### Problem:
The line containing "gpt: non-irrigated arable" marks the start, and the last line of the records below marks the end. Print that run exactly and nothing else.

▼▼▼

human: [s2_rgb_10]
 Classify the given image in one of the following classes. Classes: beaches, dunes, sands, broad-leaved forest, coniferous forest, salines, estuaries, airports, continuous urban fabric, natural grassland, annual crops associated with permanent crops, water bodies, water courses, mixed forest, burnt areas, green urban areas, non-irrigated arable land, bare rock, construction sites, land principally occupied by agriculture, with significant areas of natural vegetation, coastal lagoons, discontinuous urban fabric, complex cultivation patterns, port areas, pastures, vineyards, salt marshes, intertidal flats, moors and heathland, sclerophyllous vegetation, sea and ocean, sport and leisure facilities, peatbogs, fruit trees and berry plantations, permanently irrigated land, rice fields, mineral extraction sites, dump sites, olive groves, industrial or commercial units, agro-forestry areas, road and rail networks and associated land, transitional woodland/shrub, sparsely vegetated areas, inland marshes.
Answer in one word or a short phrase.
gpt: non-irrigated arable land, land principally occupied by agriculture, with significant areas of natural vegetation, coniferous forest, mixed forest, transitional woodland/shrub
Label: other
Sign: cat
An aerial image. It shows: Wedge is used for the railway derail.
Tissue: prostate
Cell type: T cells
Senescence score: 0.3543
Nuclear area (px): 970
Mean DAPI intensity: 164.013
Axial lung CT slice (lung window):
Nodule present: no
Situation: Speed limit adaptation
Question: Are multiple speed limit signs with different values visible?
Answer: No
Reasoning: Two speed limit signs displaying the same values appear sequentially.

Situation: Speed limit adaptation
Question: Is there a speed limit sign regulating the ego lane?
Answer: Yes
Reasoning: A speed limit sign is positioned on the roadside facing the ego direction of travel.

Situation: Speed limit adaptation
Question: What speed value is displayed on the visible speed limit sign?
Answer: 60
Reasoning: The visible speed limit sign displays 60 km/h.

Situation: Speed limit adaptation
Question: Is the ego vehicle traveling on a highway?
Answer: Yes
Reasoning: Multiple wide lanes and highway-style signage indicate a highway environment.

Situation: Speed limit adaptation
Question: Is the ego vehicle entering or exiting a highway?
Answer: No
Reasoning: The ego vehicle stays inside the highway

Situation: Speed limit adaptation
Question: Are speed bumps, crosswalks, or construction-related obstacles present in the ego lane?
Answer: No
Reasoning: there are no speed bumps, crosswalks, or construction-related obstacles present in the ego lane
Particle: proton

▲▲▲

### Your solution:
gpt: non-irrigated arable land, land principally occupied by agriculture, with significant areas of natural vegetation, coniferous forest, mixed forest, transitional woodland/shrub
Label: other
Sign: cat
An aerial image. It shows: Wedge is used for the railway derail.
Tissue: prostate
Cell type: T cells
Senescence score: 0.3543
Nuclear area (px): 970
Mean DAPI intensity: 164.013
Axial lung CT slice (lung window):
Nodule present: no
Situation: Speed limit adaptation
Question: Are multiple speed limit signs with different values visible?
Answer: No
Reasoning: Two speed limit signs displaying the same values appear sequentially.

Situation: Speed limit adaptation
Question: Is there a speed limit sign regulating the ego lane?
Answer: Yes
Reasoning: A speed limit sign is positioned on the roadside facing the ego direction of travel.

Situation: Speed limit adaptation
Question: What speed value is displayed on the visible speed limit sign?
Answer: 60
Reasoning: The visible speed limit sign displays 60 km/h.

Situation: Speed limit adaptation
Question: Is the ego vehicle traveling on a highway?
Answer: Yes
Reasoning: Multiple wide lanes and highway-style signage indicate a highway environment.

Situation: Speed limit adaptation
Question: Is the ego vehicle entering or exiting a highway?
Answer: No
Reasoning: The ego vehicle stays inside the highway

Situation: Speed limit adaptation
Question: Are speed bumps, crosswalks, or construction-related obstacles present in the ego lane?
Answer: No
Reasoning: there are no speed bumps, crosswalks, or construction-related obstacles present in the ego lane
Particle: proton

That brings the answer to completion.